### Required work
Going down the data below, set down exactly the line with "Locate the grass" and each line after it through the line with "[274,0,638,121]"; no other lines.

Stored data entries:

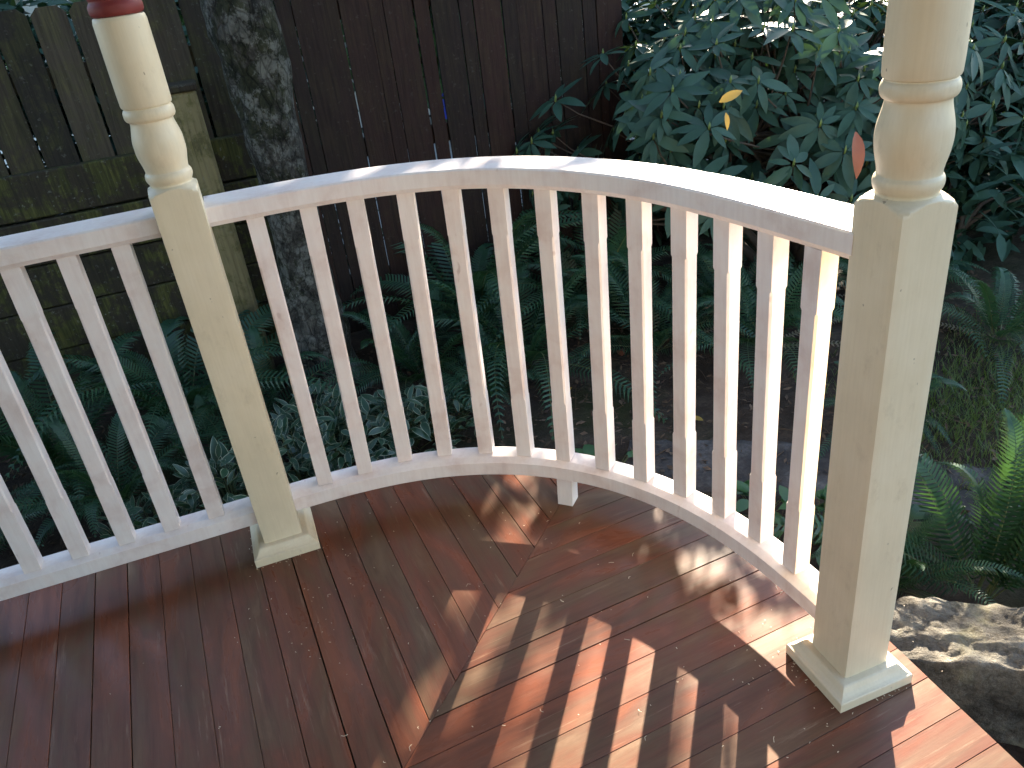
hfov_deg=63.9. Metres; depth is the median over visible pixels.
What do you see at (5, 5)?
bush
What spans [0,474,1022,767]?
porch deck
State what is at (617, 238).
sword fern
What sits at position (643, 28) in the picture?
bush
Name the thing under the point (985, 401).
grass
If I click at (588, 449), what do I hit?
leafy plant
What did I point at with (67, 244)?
straight railing
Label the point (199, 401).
sword fern
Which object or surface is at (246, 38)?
garden tree
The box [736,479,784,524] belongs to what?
leafy plant
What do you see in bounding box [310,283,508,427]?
sword fern
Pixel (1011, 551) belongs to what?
sword fern
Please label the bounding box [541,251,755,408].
sword fern
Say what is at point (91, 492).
sword fern
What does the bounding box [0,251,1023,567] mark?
leaf litter
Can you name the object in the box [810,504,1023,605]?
sword fern
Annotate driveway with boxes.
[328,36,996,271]
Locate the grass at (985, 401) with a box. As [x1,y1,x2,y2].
[793,298,1023,511]
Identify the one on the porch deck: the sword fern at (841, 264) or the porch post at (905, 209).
the porch post at (905, 209)
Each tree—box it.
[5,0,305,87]
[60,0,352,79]
[200,0,363,399]
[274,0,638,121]
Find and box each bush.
[0,0,378,274]
[477,0,971,251]
[586,0,686,245]
[848,125,1023,274]
[942,11,1023,233]
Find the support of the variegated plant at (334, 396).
on the ground at (1012, 263)
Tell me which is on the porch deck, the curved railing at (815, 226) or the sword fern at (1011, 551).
the curved railing at (815, 226)
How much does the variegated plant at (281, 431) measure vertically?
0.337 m
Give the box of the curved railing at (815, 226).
[203,156,853,618]
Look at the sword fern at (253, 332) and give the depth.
3.85 m
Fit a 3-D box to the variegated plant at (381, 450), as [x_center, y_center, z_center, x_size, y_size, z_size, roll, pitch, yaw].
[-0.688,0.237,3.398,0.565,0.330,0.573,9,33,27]
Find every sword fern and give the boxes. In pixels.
[0,300,338,480]
[0,330,216,519]
[0,461,107,553]
[10,404,228,547]
[120,394,293,497]
[149,326,377,473]
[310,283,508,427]
[329,208,609,359]
[399,255,666,438]
[415,323,550,412]
[476,200,713,353]
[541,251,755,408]
[654,235,845,338]
[659,243,936,391]
[773,406,1023,599]
[798,256,996,361]
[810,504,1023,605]
[818,361,966,458]
[940,266,1023,411]
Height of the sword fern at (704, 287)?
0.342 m
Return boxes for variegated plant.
[95,483,201,538]
[152,436,307,523]
[233,414,354,494]
[270,378,378,455]
[285,401,416,477]
[348,385,469,459]
[404,379,475,444]
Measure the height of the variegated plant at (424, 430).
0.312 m
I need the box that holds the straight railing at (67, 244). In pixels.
[0,207,257,600]
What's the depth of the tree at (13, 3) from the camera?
7.93 m
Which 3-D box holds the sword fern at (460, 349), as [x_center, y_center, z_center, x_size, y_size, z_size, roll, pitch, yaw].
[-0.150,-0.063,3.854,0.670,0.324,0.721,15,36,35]
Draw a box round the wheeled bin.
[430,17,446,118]
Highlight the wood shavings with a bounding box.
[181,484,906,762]
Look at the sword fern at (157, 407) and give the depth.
3.74 m
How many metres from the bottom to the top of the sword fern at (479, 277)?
0.715 m
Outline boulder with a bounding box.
[889,596,1023,747]
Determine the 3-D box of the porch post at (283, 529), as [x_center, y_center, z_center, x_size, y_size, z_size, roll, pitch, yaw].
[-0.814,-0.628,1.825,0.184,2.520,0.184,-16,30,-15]
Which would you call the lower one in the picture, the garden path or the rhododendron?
the garden path
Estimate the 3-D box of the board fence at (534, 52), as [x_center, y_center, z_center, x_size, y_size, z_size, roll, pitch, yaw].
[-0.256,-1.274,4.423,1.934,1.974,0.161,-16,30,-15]
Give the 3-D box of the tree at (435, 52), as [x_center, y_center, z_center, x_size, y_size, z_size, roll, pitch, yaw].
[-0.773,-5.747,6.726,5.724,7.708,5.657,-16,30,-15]
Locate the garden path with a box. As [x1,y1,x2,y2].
[625,439,1006,528]
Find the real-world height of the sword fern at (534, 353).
0.672 m
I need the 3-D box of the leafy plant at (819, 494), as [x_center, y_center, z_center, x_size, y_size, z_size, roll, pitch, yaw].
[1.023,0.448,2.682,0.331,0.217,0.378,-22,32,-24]
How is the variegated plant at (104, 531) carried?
on the ground at (1012, 263)
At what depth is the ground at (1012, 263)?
3.67 m
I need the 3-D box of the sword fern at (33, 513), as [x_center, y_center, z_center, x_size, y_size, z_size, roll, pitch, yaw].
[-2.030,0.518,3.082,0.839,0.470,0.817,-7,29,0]
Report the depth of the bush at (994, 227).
4.29 m
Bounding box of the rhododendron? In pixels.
[512,0,1023,264]
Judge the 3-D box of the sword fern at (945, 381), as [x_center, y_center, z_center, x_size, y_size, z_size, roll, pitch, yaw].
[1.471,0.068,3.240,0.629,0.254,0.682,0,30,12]
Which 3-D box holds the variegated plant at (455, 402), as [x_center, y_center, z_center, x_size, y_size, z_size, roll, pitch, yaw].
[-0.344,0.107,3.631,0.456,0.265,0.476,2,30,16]
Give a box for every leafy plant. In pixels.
[575,444,632,462]
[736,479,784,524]
[773,483,827,566]
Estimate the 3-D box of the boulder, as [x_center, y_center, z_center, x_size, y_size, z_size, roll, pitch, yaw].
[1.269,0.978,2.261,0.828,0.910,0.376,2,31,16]
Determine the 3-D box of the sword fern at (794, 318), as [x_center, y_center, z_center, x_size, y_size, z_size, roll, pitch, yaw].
[1.165,-0.371,3.785,1.250,0.456,1.281,-25,34,-29]
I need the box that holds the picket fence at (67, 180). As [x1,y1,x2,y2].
[0,0,280,415]
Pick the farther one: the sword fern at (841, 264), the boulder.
the sword fern at (841, 264)
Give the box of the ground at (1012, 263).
[0,115,1023,767]
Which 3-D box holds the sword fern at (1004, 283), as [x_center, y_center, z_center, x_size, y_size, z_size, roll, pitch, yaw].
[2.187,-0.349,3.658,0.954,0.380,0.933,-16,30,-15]
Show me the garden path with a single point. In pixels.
(704, 477)
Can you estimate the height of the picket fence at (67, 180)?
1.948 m
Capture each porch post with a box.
[86,0,320,567]
[786,0,974,712]
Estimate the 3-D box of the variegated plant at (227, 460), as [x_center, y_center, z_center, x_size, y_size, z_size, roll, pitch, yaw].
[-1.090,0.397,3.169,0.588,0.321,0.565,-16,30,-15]
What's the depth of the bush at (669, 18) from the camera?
5.06 m
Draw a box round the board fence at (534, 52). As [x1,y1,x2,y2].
[273,0,627,332]
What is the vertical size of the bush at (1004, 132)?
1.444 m
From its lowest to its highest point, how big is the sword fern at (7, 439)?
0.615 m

### Answer to this task
Locate the grass at (985, 401) with a box. As [x1,y1,x2,y2].
[793,298,1023,511]
Identify the one on the porch deck: the sword fern at (841, 264) or the porch post at (905, 209).
the porch post at (905, 209)
Each tree—box it.
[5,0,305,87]
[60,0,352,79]
[200,0,363,399]
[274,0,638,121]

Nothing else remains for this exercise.